Minimum staffing levels — limits on how many patients a nurse could be assigned during a shift — have been among the top issues for nurses around the state, including the roughly 4,000 nurses who unionized with PASNAP across the region in the last five years.

A coalition of nurses called the Nurses of Pennsylvania has been lobbying state lawmakers to pass a law mandating “safe patient limits," though the bill has yet to gain widespread support in the legislature. Now, the nurses at these four hospitals are seizing on a moment when health-care workers are not only in high demand but being called heroes.

Nurses say they have always dealt with staffing shortages, but the problems have gotten worse under COVID.

“Some of us were taking three patients at a time when we should never have more than two," Chelsea Rabena, a surgical and trauma ICU nurse at Einstein, said of her time working during the pandemic. “And sometimes these patients, they’re so sick, they’re meant to have one nurse.”

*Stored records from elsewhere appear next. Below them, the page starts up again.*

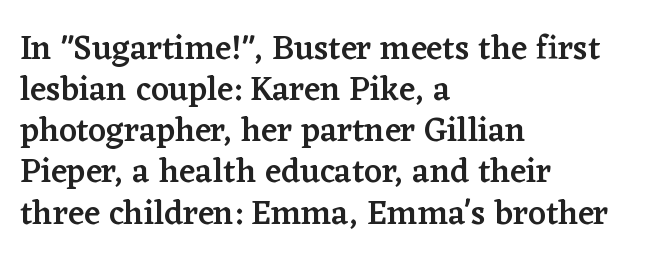
{"serif": "yes", "italic": "no", "bold": "semi", "weight": "semibold", "width": "normal", "stroke_contrast": "low", "x_height": "medium", "monospaced": "no", "underline": "no", "align": "left", "line_spacing_ratio": 1.21, "letter_spacing": "normal", "letter_spacing_em": 0.0, "glyph_px": 34}
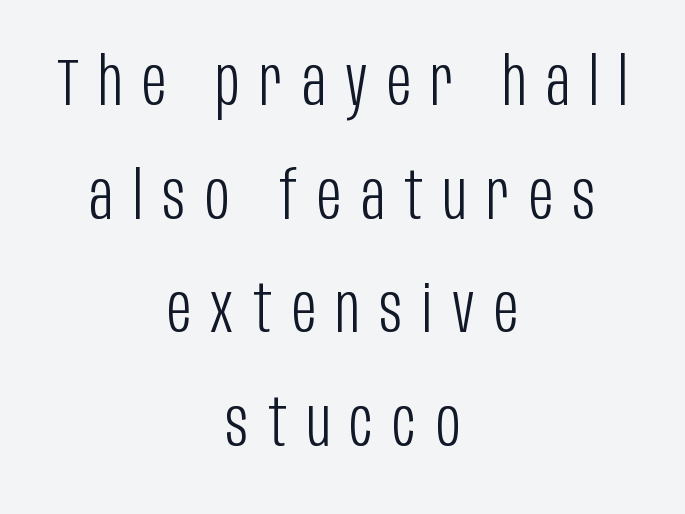
The image shows 66 px light, condensed sans-serif type, upright; set centered, line spacing 1.72x, unusually wide letter spacing (+0.3 em), not underlined; low stroke contrast and a large x-height.
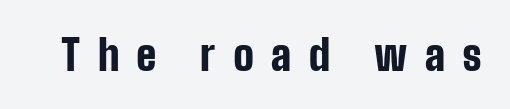
Q: Is the text bold? A: Yes.
Q: Is the text italic (slanted)? A: No, it is upright.
Q: Is the typeface a serif or a sans-serif typeface? A: Sans-serif.
Q: Is the text underlined? A: No.
Q: Is the spacing between letters normal or unusually wide? A: Unusually wide.
Q: Width (condensed, normal, or wide)? A: Condensed.
Q: Stroke contrast? A: Low.
Q: x-height? A: Medium.
Q: Monospaced? A: No.

An Einstein spokesperson did not comment on staffing levels at the hospital. Einstein said in a statement that it is “committed to bargaining in good faith with PASNAP” and wants to reach an agreement without a strike, but that the hospital will remain “fully operational” and hire “licensed, experienced temporary replacement nurses” if a strike happens.

Trinity Health spokesperson Christy McCabe said St. Mary would also hire replacement nurses to stay open if nurses went on strike. The sticking point, she said, is not staffing, but wages.

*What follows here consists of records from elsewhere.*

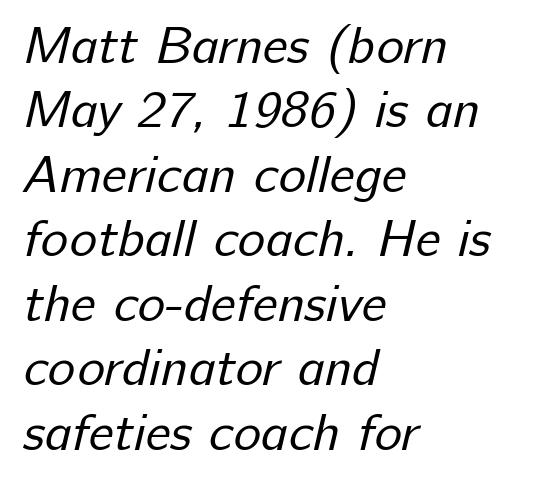
The image shows 52 px regular-weight sans-serif type; set left-aligned, line spacing 1.24x, normal letter spacing, not underlined; low stroke contrast and a medium x-height.
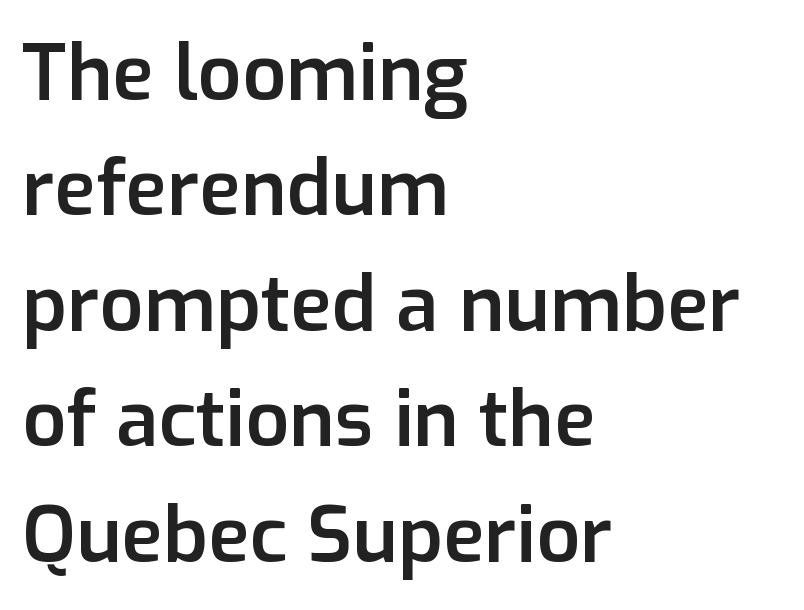
Q: Is the text bold? A: Semi-bold.
Q: Is the text italic (slanted)? A: No, it is upright.
Q: Is the typeface a serif or a sans-serif typeface? A: Sans-serif.
Q: Is the text underlined? A: No.
Q: How is the paragraph aligned? A: Left-aligned.
Q: Is the spacing between letters normal or unusually wide? A: Normal.
Q: Is the spacing between lines tight, normal or loose? A: Normal.
Q: Width (condensed, normal, or wide)? A: Normal.
Q: Stroke contrast? A: Low.
Q: x-height? A: Medium.
Q: Monospaced? A: No.

“We are hearing concerns from our community that PASNAP, which has placed patient safety at the center of their platform, would choose this time — when the country and our local community contend with a COVID-19 surge — to exercise their right to strike,” McCabe said in a statement, adding that a two-day strike would actually last five days because it would take that long to transition from replacement nurses.

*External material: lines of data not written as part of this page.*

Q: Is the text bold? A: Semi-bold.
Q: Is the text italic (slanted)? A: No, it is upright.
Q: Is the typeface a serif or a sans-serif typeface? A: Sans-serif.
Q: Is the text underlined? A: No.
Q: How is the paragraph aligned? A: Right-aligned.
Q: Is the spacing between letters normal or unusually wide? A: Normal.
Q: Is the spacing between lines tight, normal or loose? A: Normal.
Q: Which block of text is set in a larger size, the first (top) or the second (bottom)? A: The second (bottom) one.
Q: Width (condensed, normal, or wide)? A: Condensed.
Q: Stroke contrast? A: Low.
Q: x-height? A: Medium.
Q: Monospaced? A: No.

At St. Christopher’s, some children have been required to stay in its ICU and ER longer than they normally would because they’re waiting for a bed on a less acute floor — one that simply doesn’t have enough nurses to admit another patient, said Maria Plano, a pediatric ICU nurse and the vice president of the PASNAP nurses' local at the hospital.

“That’s dangerous, when you are running your staff really short — especially in the emergency department, you need those nurses ready,” Plano said.

A spokesperson for Tower Health said that the hospital follows staffing “principles” developed by the American Nurses Association and added that Tower Health believes staffing requirements “alone” in a collective bargaining agreement are “not an effective tool, since many variables impact effective staffing plans.”

Plano said she and her colleagues have been fighting for appropriate staffing levels since St. Christopher’s was bought by Tower Health and Drexel University last year. The nurses had won staffing standards in an earlier contract that was scrapped when the hospital was sold.

“If you have too many patients, you’re not able to give proper care,” she said.

That’s even more critical when caring for young children who may not understand why they’re in the hospital.

“With adults, I can reason with you — ‘Don’t pull your IV line out, don’t get out of bed,’” Plano said. “With a 4-year-old, that’s not going to work. Even for kids who aren’t super sick. It’s critical that we have enough nurses.”

Many of the issues in dispute, such as staffing problems and loss of sick time, existed before the COVID-19 pandemic hit, Plano said. But the pandemic has affected Tower’s finances to the point that the health conglomerate is now considering selling all its Philadelphia-area properties — exacerbating nurses' worry about staffing and budget cuts.

At Einstein, Rabena said nurses are asking for hazard pay for all nurses during the pandemic. During the first wave this spring, she said, only nurses who volunteered to work in COVID ICUs that the hospital set up were paid more. “Every nurse deserves that, because every nurse has dealt with this,” she said.

Rabena said voting for a strike had been a difficult decision for many Einstein nurses.

“None of us, truthfully, really, want to go on strike. We don’t want to do that to our community,” she said. “But we feel like there’s no other way of getting the administration to hear us and understand how we really feel about everything.”